B. First interpretation of the story:

1. Why do Adam and Eve eat the fruit of the tree of knowledge of Good and Evil?

a. The fruit looks good for eating.

b. They are curious about it.

c. They are thoughtless.

d. They are not motivated by a desire for knowledge of good and evil.

1) They can have little understanding of what this knowledge means and why it would be good to have.
2) The text suggests this by the curious grammatical construction “that it….”

2. What is the nature of their sin?

a. Not terribly serious.

b. Adam and Eve are very much like children or higher animals in their lack of self-awareness and responsibility.

1) This story, then, is one that explains the distinctive features of human beings as we emerge from pre-history and childhood.

3. Why does God punish Adam and Eve?

a. Punishment is necessary in order to create human beings who can be morally responsible for themselves.
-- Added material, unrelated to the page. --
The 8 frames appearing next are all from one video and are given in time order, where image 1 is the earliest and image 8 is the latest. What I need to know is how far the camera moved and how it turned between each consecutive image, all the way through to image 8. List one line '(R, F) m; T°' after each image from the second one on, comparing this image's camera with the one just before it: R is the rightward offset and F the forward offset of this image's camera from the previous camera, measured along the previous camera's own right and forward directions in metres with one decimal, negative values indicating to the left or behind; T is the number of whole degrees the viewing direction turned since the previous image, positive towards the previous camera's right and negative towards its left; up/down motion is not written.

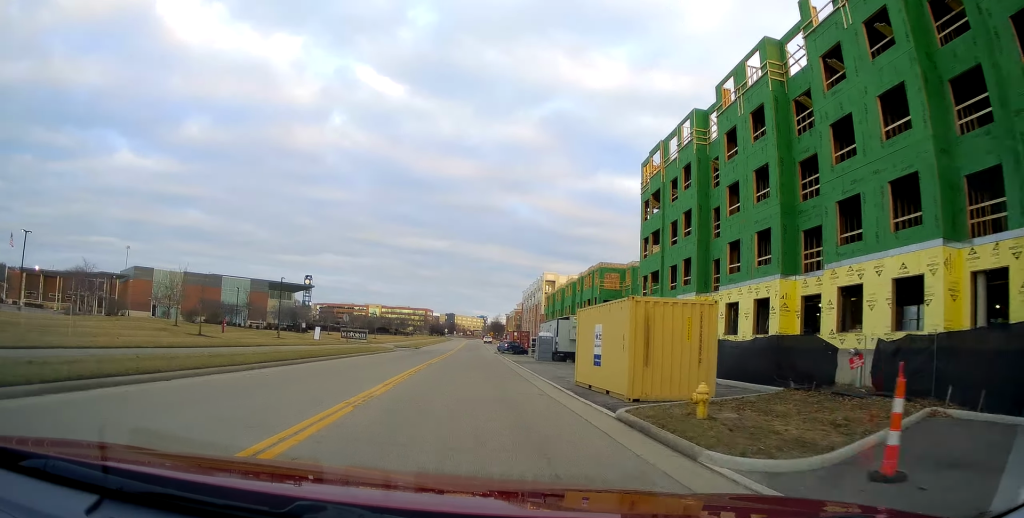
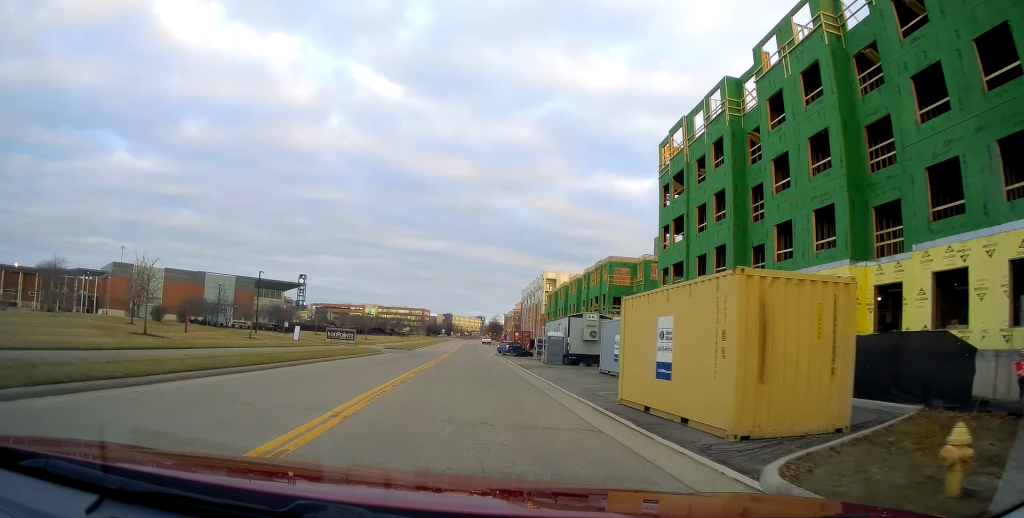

b. To be morally responsible we must

1) Recognize that we can choose to act one way or another.
a) Given the simplicity of life in the Garden of Eden, Adam and Eve were barely aware of this.
2) Be self-conscious and self-aware. We must be capable of looking at our actions or interpreting our own actions.
3) We must be able to compare our actions to some ideal or standard of morality
4) We must be able to stop and think before we act.

c. Recognition of a failure to follow God’s command brings about these four capacities.

1) In violating God’s commandment Adam and Eve come to learn that they can choose to live one way or another.
2) Coming to recognize they have violated God’s commandment, is coming to have self-awareness.
3) God’s commandments are the ideal or standard which we must come to meet.
4) Punishment helps us remember the consequences of actions and the importance of stopping to think before we act.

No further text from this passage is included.